Bureaucracy and an authoritarian government compel the player to fight the urge to perform routine and depersonalized border duties with respect to the law in Lucas Pope's Papers, Please. Oh, how every soul who yearns to enter what is seemingly one of the least egregious countries of this faux Eastern European landscape haunts my mind when I stamped DENIED to their faulty documents or simply flawed by human error out of my control or to the excuses (humane or not, true or false), and by ignoring their humanity, I became the model of state control. With its addicting simplicity to an increasingly complex amount of information to scan while adding black humor to the horrific tale of oppression and underground revolution, Papers, Please is no doubt a significant masterpiece of the indie space beginning to burst from the AAA industry during the late '00s and early '10s.

2023

Defined by the immigrant experience in Canada while also offering the warmth, comfort, and connections provided by one's cultural background, particularly in cooking, Venba inspires with delightful animation and a hunger-inducing series of gameplay sequences to carry a brief generational drama concerning a Tamil couple and their son. So little is said (perhaps too much) where the actions of deduction allow a decades-spanning story its gracious moments of happiness during distress and occasional food for thought when the future dares to assimilate and destroy the very things one grows to know. There's a little too much quaintness in its storytelling (a random act of violent discrimination, the Ratatouille epiphany, blunt bedroom conversations) to truly feel absorbed in this world. Nevertheless, the clear love and dedication by an indie team aware of its roots serve Venba in ways few experiences could ever provide just plopping the player into a traditional Indian world.

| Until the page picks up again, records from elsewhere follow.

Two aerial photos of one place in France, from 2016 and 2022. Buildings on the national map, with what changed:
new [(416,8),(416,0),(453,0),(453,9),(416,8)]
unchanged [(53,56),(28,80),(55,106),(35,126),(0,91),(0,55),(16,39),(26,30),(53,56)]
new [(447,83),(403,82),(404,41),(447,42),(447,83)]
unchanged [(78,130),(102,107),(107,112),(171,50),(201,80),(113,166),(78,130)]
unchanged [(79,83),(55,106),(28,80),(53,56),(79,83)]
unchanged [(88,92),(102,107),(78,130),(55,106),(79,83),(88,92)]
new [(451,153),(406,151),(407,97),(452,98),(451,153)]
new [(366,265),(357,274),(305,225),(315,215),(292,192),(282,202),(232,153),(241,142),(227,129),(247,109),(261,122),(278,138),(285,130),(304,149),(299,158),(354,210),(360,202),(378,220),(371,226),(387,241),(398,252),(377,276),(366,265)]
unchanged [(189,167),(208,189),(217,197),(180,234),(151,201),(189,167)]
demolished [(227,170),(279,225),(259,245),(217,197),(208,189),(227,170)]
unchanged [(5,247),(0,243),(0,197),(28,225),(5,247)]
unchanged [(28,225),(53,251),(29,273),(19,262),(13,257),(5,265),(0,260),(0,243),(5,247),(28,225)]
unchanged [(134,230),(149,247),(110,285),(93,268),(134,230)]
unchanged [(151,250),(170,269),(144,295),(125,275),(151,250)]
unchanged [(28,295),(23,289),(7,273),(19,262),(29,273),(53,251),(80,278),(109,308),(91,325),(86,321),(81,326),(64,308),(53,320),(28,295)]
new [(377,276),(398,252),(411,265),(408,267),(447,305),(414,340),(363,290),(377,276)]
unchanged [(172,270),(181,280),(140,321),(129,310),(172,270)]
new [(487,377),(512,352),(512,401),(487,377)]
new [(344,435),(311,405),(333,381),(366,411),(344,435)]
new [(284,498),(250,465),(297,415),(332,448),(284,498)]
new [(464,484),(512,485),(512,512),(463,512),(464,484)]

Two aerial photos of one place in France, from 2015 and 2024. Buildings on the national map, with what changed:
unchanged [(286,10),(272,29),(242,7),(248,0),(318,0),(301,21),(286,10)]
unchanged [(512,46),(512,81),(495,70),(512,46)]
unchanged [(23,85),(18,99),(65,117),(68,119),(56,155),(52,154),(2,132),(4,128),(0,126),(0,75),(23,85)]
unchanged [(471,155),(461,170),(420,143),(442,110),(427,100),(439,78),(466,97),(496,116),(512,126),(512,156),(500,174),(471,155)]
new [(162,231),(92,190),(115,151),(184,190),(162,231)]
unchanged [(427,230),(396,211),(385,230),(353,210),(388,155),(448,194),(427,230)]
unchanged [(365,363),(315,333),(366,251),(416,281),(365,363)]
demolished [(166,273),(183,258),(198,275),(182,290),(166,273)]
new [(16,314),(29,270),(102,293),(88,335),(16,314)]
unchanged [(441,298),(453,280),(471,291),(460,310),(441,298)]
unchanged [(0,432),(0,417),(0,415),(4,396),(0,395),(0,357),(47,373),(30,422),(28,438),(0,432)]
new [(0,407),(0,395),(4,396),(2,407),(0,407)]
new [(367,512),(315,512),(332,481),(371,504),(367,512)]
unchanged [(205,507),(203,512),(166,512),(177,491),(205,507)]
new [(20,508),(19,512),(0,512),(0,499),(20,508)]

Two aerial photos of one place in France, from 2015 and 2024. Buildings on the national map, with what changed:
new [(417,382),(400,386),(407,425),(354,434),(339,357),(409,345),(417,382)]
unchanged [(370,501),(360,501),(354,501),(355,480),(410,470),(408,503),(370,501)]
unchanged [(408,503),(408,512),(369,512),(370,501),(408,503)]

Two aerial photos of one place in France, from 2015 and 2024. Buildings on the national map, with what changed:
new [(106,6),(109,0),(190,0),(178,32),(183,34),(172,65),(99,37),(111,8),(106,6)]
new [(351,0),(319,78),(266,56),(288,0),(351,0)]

Though rudimentary in comparison to its full release, "Pilot Episode" establishes the clear link to a form of nostalgia toward children's television shows and the pseudo-game their protagonists often begin through active viewing by questioning the viewer. The horror lies in breaking the pseudo-game, now an actual game, by interacting with objects and locations not desired by the protagonist (in this case, Amanda) and witnessing the results of the viewer's rebellion. Real interactivity in this manner conveys the similar disregard the aging child/teen/adult likely holds upon watching these shows, so the ease by which these developers harness an innate terror within the intersections of two distinct mediums, video and videogame, is a considerable promise for the full release which expands these elements in ways furthering the viewer's/player's breaking of the original pseudo-game.

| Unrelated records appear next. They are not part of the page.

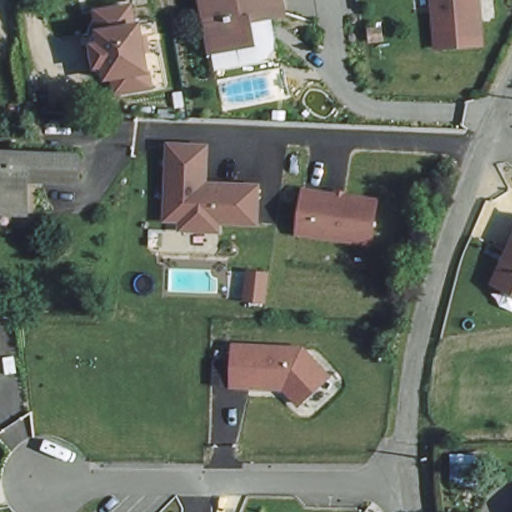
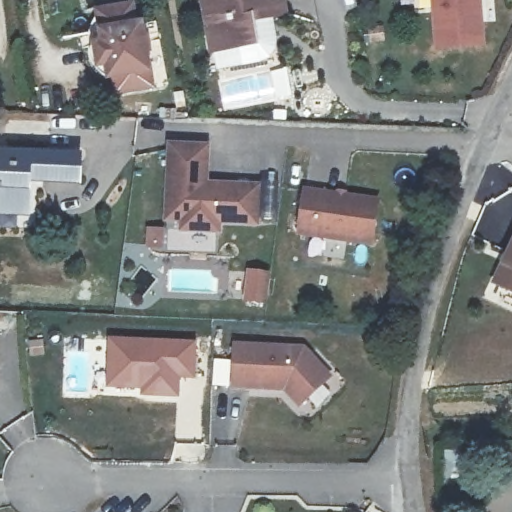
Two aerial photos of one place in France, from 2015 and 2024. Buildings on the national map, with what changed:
unchanged [(282,13),(251,18),(255,43),(212,49),(202,0),(279,0),(282,13)]
unchanged [(442,44),(436,0),(483,0),(485,16),(488,37),(442,44)]
unchanged [(137,23),(147,22),(157,89),(110,95),(107,75),(97,71),(92,62),(93,46),(100,37),(95,7),(134,2),(137,23)]
unchanged [(165,201),(168,144),(207,145),(205,181),(259,184),(257,220),(218,218),(218,227),(180,225),(180,216),(165,216),(165,201)]
unchanged [(32,174),(28,208),(0,208),(0,148),(82,151),(80,174),(32,174)]
unchanged [(304,187),(378,199),(371,240),(297,229),(304,187)]
unchanged [(491,284),(512,241),(512,294),(491,284)]
new [(245,267),(270,271),(267,304),(242,301),(245,267)]
new [(105,336),(195,340),(195,380),(180,379),(180,397),(138,396),(138,388),(105,388),(105,336)]
unchanged [(299,407),(283,390),(231,388),(234,342),(305,345),(335,378),(299,407)]

The nature of complicity with media makes Rendition an interesting attempt to question interactivity with horrid violence, yet the assumptions necessary to provide this mechanical, turgid, thesaurus-seeking text adventure the political agency to advocate for its self-reflexive intentions are little met when boredom overwhelms where terror and nausea should. I admire what this game could be far more than what it actually is.

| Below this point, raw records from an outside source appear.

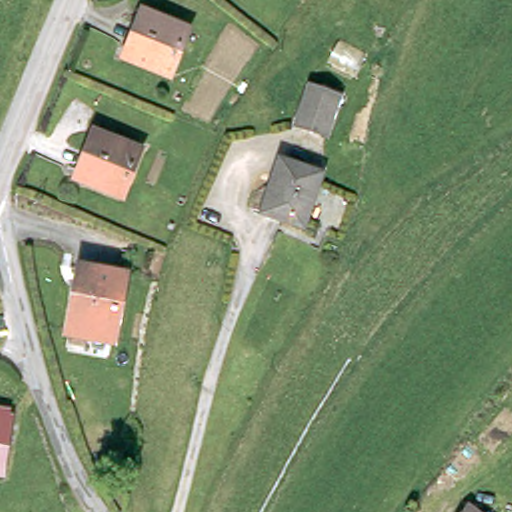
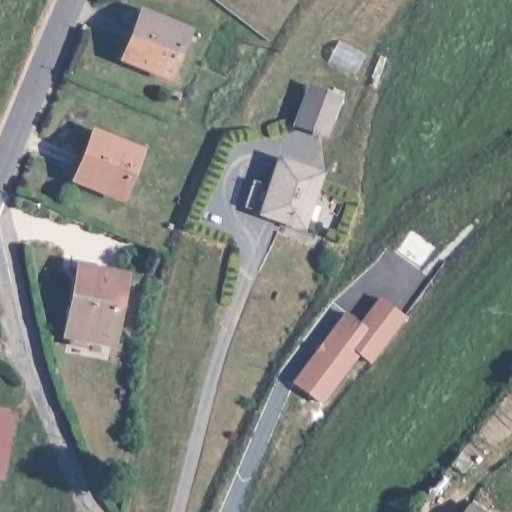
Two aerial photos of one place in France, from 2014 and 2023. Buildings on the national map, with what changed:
unchanged [(137,17),(182,34),(166,76),(146,68),(149,60),(125,50),(137,17)]
unchanged [(319,137),(294,128),(309,88),(334,96),(319,137)]
unchanged [(91,135),(136,155),(117,199),(93,189),(95,184),(74,175),(91,135)]
unchanged [(258,208),(277,157),(318,172),(299,224),(258,208)]
unchanged [(127,281),(113,340),(70,330),(84,271),(127,281)]
new [(407,317),(372,362),(360,353),(322,403),(294,381),(346,311),(361,323),(379,297),(407,317)]
unchanged [(9,416),(0,473),(0,415),(9,416)]
unchanged [(478,512),(467,512),(471,507),(478,512)]

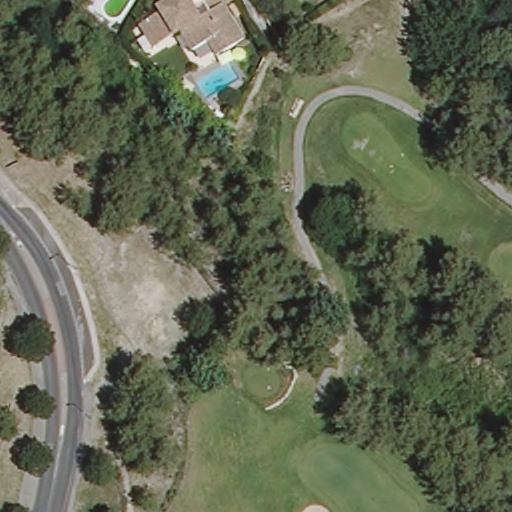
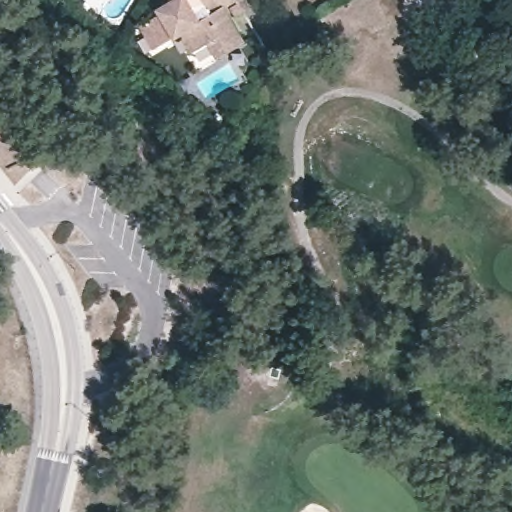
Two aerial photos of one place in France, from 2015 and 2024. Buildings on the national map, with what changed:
unchanged [(186,50),(174,30),(167,35),(147,46),(133,23),(154,11),(152,7),(164,0),(226,0),(217,5),(237,39),(217,51),(211,55),(202,40),(186,50)]

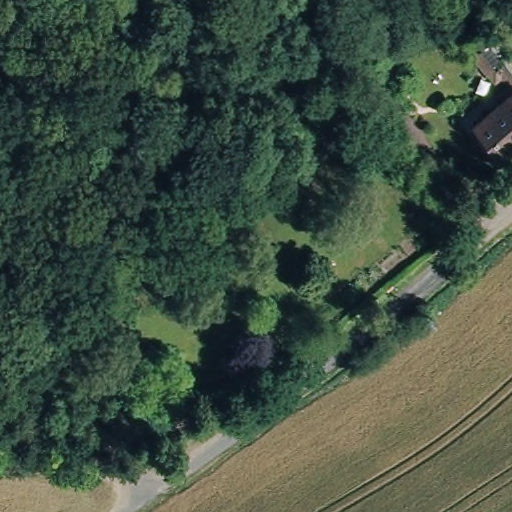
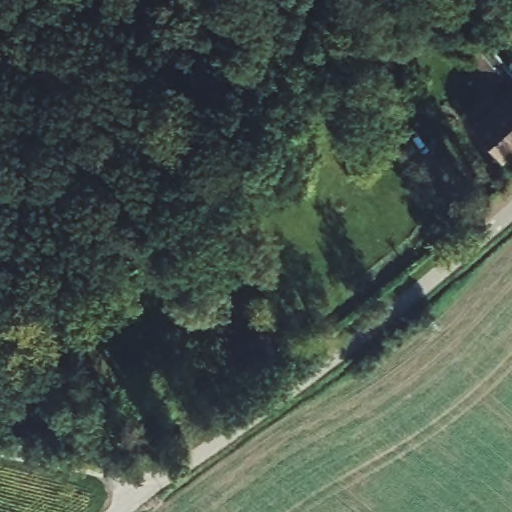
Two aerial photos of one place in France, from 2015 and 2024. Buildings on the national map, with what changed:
unchanged [(470,137),(492,119),(495,122),(498,119),(490,109),(503,99),(490,84),(486,86),(463,58),(474,49),(512,94),(512,169),(502,176),(470,137)]
unchanged [(355,77),(402,136),(388,148),(341,88),(355,77)]

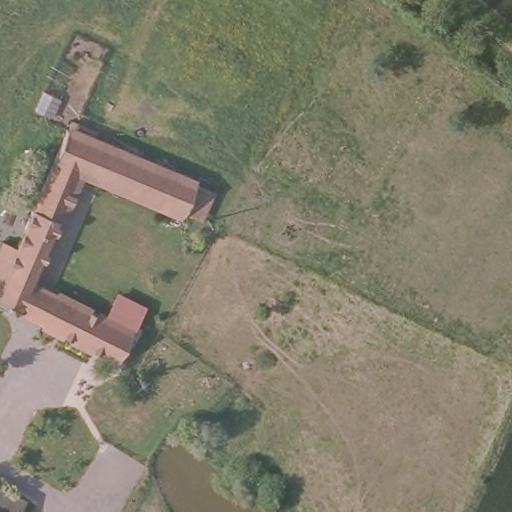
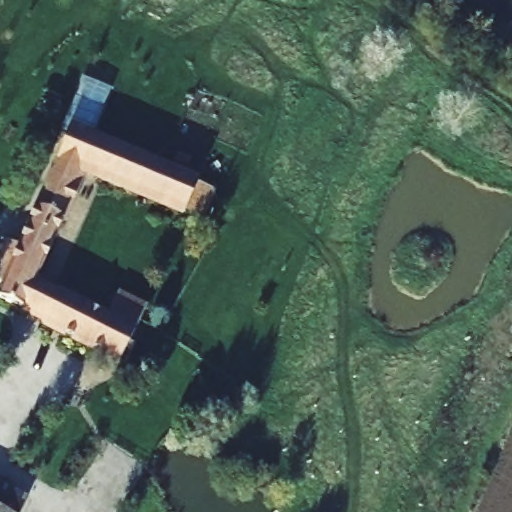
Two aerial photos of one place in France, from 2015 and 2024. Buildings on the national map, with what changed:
unchanged [(124,356),(28,302),(2,291),(7,277),(0,274),(0,253),(3,247),(9,233),(23,240),(72,125),(201,176),(194,193),(188,207),(87,167),(40,275),(139,326),(124,356)]

Did not finish it due to an ear infection and not wanting to deal with audio cues, so I just watched the last two days from Markiplier; but the success of FNAF 6 relies on its increased humor and an ending which (while hard to connect without all the secret lore in the game) satisfies in about the same manner as a Saw film ending. The game mechanics are clearly shoddy yet excusable for being free. Despite my issues with how Cawthon has essentially made the entire series so far a Afton family drama and not relied on the ambiguities before such information, FNAF 6 manages to tie the OG storyline up in a manner I can enjoy with my subtextual interpretation regarding capitalism oriented toward children.